■ ABOUT THIS TASK ■
For each record that follows, give it back exactly, with no pictures included.

· · · · · · ·

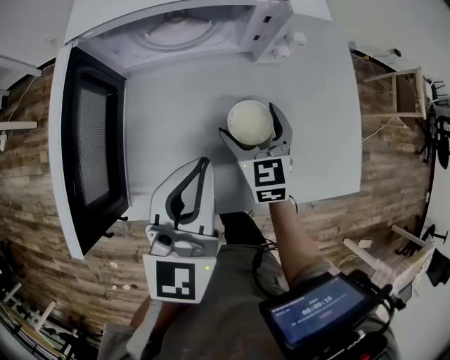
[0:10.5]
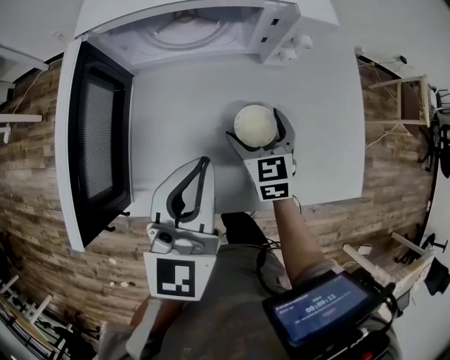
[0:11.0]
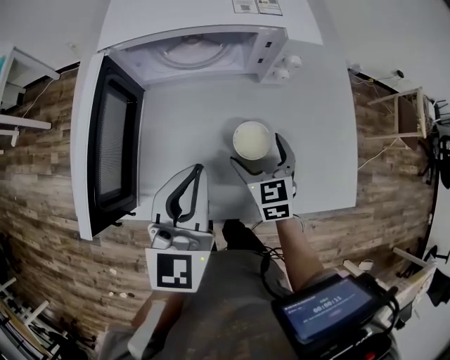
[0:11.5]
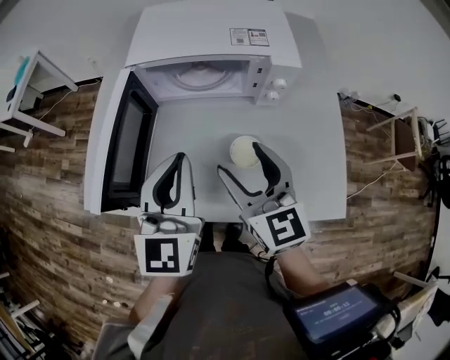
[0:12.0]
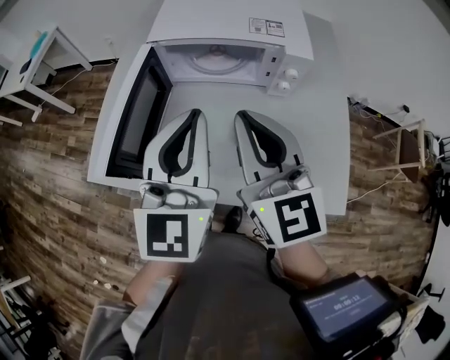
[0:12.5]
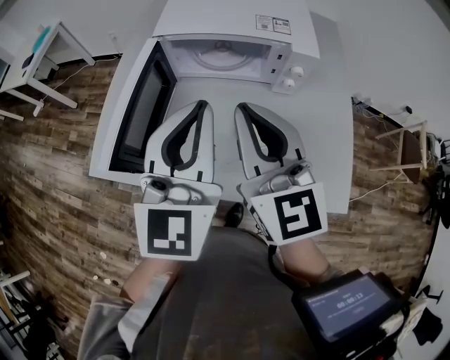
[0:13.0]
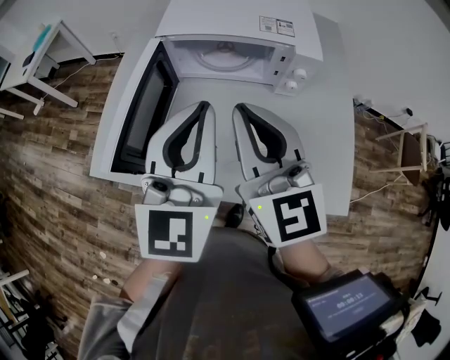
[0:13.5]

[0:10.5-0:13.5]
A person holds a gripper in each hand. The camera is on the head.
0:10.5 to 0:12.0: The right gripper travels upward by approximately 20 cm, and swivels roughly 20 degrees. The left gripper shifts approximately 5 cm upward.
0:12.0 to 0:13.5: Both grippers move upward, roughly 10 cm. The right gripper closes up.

· · · · · · ·

■ SOLUTION FOR THIS EXERCISE ■
[0:10.5]
[0:11.0]
[0:11.5]
[0:12.0]
[0:12.5]
[0:13.0]
[0:13.5]

[0:10.5-0:13.5]
A person holds a gripper in each hand. The camera is on the head.
0:10.5 to 0:12.0: The right gripper travels upward by approximately 20 cm, and swivels roughly 20 degrees. The left gripper shifts approximately 5 cm upward.
0:12.0 to 0:13.5: Both grippers move upward, roughly 10 cm. The right gripper closes up.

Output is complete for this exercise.